In vitro: Verubecestat has been identified as a potent inhibitor of both human and mouse Bace1 and verubecestat could also inhibit the production of Ab40, Ab42, and sAPPb in human cells with similar potency. Verubecestat was also found to be a potent inhibitor of purified human BACE2. Moreover, verubecestat was essentially inactive with over 45,000-fold selectivity in the purified human aspartyl proteases cathepsin D, cathepsin E, and pepsin and had a very weak inhibitor of purified human renin with 15,000-fold selectivity.

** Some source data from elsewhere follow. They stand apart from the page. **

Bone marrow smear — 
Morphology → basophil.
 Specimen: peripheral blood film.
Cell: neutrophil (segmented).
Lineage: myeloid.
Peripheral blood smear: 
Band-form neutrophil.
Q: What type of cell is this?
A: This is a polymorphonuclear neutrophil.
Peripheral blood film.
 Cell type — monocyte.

In addition, verubecestat was also found to have minimal or no activity against various tested receptors, ion channels, transporters, as well as enzymes [1].
In vivo: Verubecestat could reduce plasma, cerebrospinal fluid, and brain concentrations of Aβ40, Aβ42, and sAPPβ after acute and chronic administration to both rats and monkeys. Moreover, the chronic treatment of rats and monkeys with verubecestat at exposures >40-fold higher than those tested in clinical trials did not cause many of the adverse effects previously reported to BACE inhibition. In rabbits and mice but not in monkeys, fur hypopigmentation was found [1].

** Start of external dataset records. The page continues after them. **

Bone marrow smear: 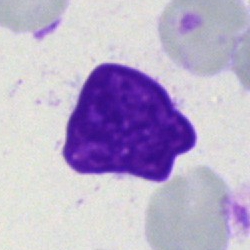

Q: What is shown here?
A: This is an artifact.
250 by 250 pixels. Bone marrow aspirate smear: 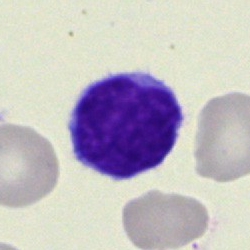

Cell: typical lymphocyte.

Clinical trial: Single and multiple doses of verubecestat were generally well tolerated and produced reductions in Aβ40, Aβ42, and sAPPβ in the CSF [1].
Reference:[1] Kennedy ME et al. The BACE1 inhibitor verubecestat (MK-8931) reduces CNS β-amyloid in animal models and in Alzheimer"s disease patients. Sci Transl Med.2016 Nov 2;8(363):363ra150.